Dataset items:

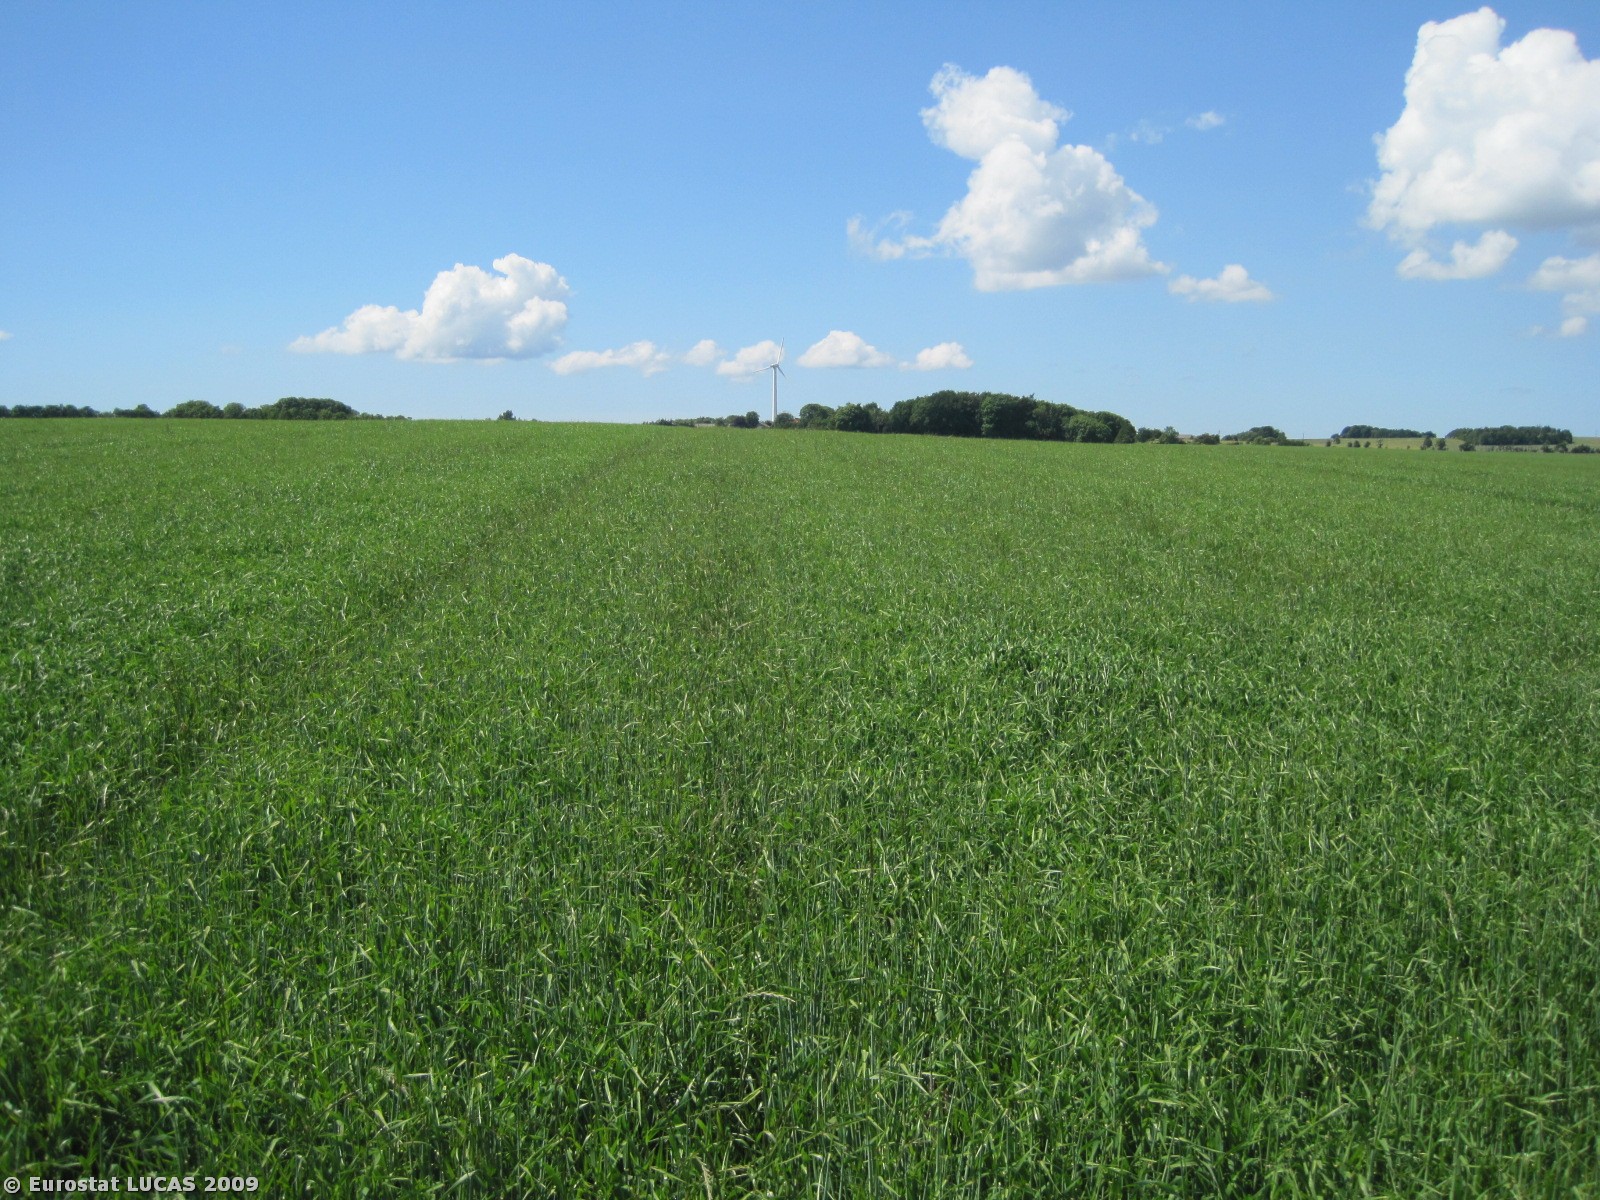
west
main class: Cropland
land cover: Barley
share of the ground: > 75 %
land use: Agriculture (excluding fallow land and kitchen gardens)
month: June
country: DK
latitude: 56.6682
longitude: 8.8756
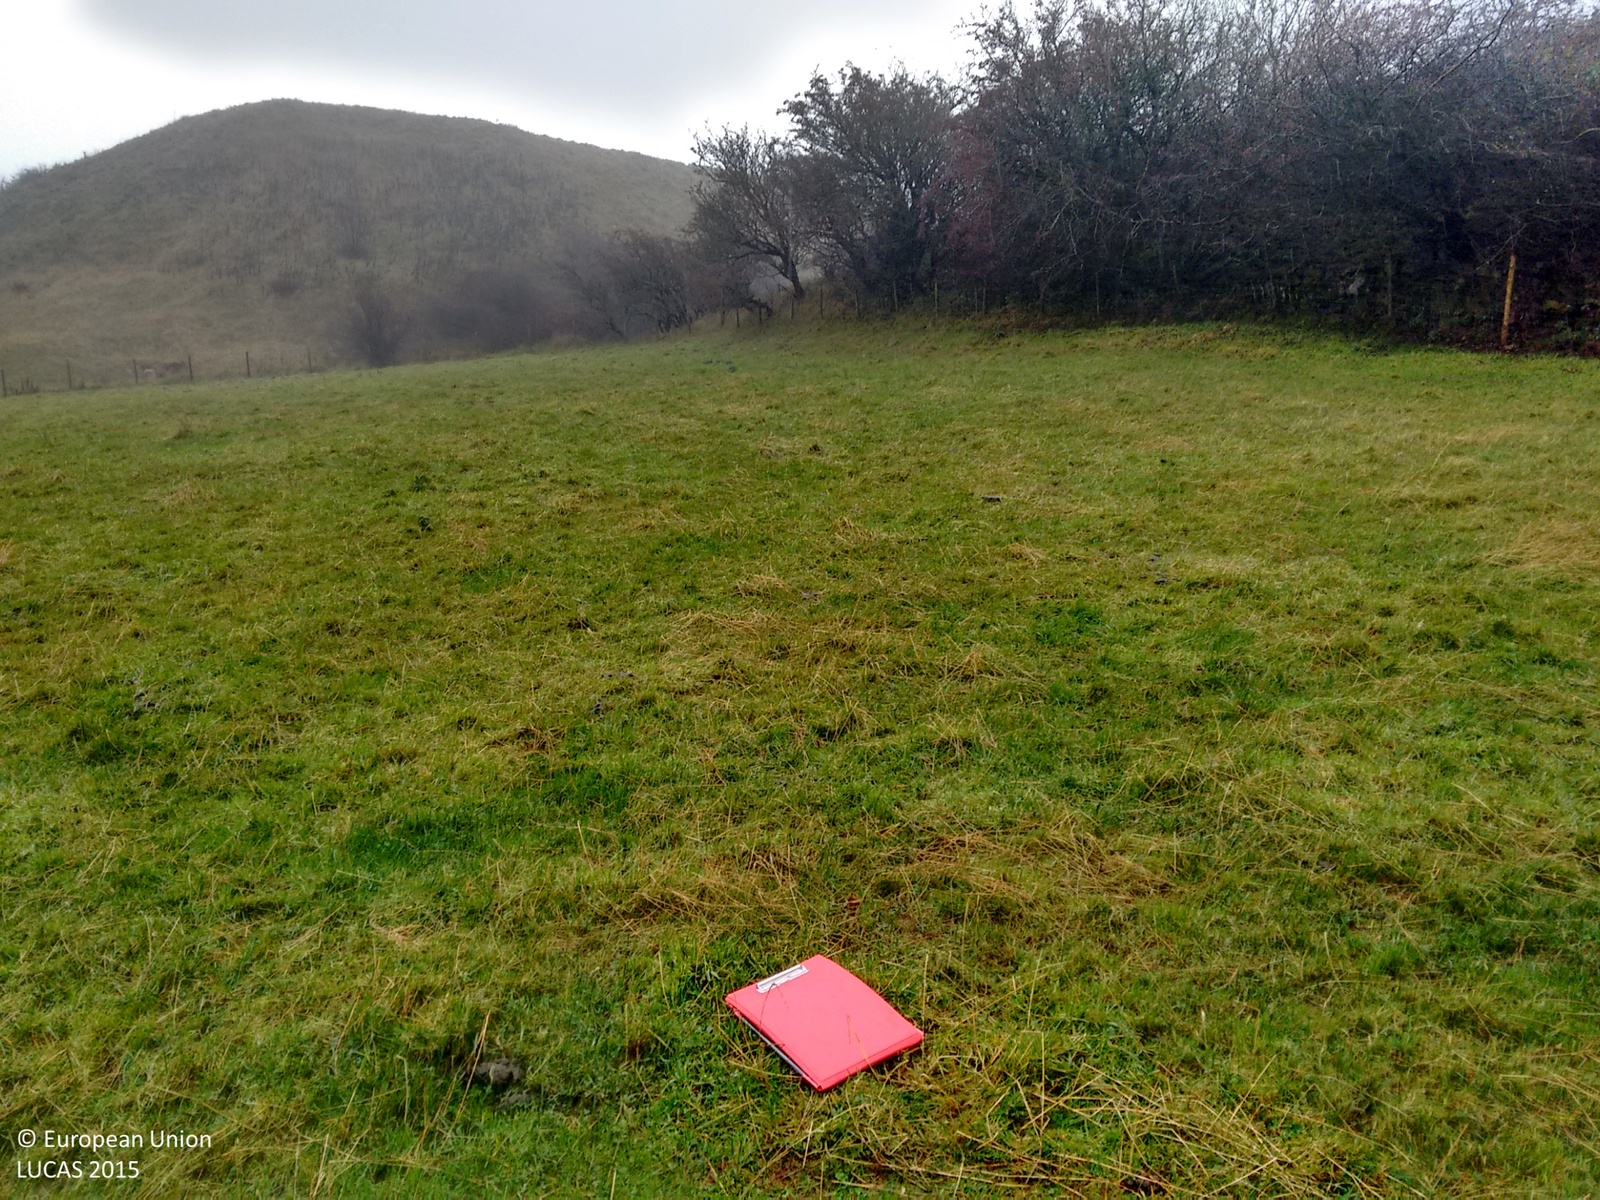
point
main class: Grassland
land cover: Grassland without tree/shrub cover
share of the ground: > 75 %
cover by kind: herbaceous plants 100 %
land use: Agriculture (excluding fallow land and kitchen gardens)
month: November
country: GB
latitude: 54.5442
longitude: -3.4521

## Assignment
When copying the records above, please match them exactly but leave out all pictures.

## Your solution
west
main class: Cropland
land cover: Barley
share of the ground: > 75 %
land use: Agriculture (excluding fallow land and kitchen gardens)
month: June
country: DK
latitude: 56.6682
longitude: 8.8756
point
main class: Grassland
land cover: Grassland without tree/shrub cover
share of the ground: > 75 %
cover by kind: herbaceous plants 100 %
land use: Agriculture (excluding fallow land and kitchen gardens)
month: November
country: GB
latitude: 54.5442
longitude: -3.4521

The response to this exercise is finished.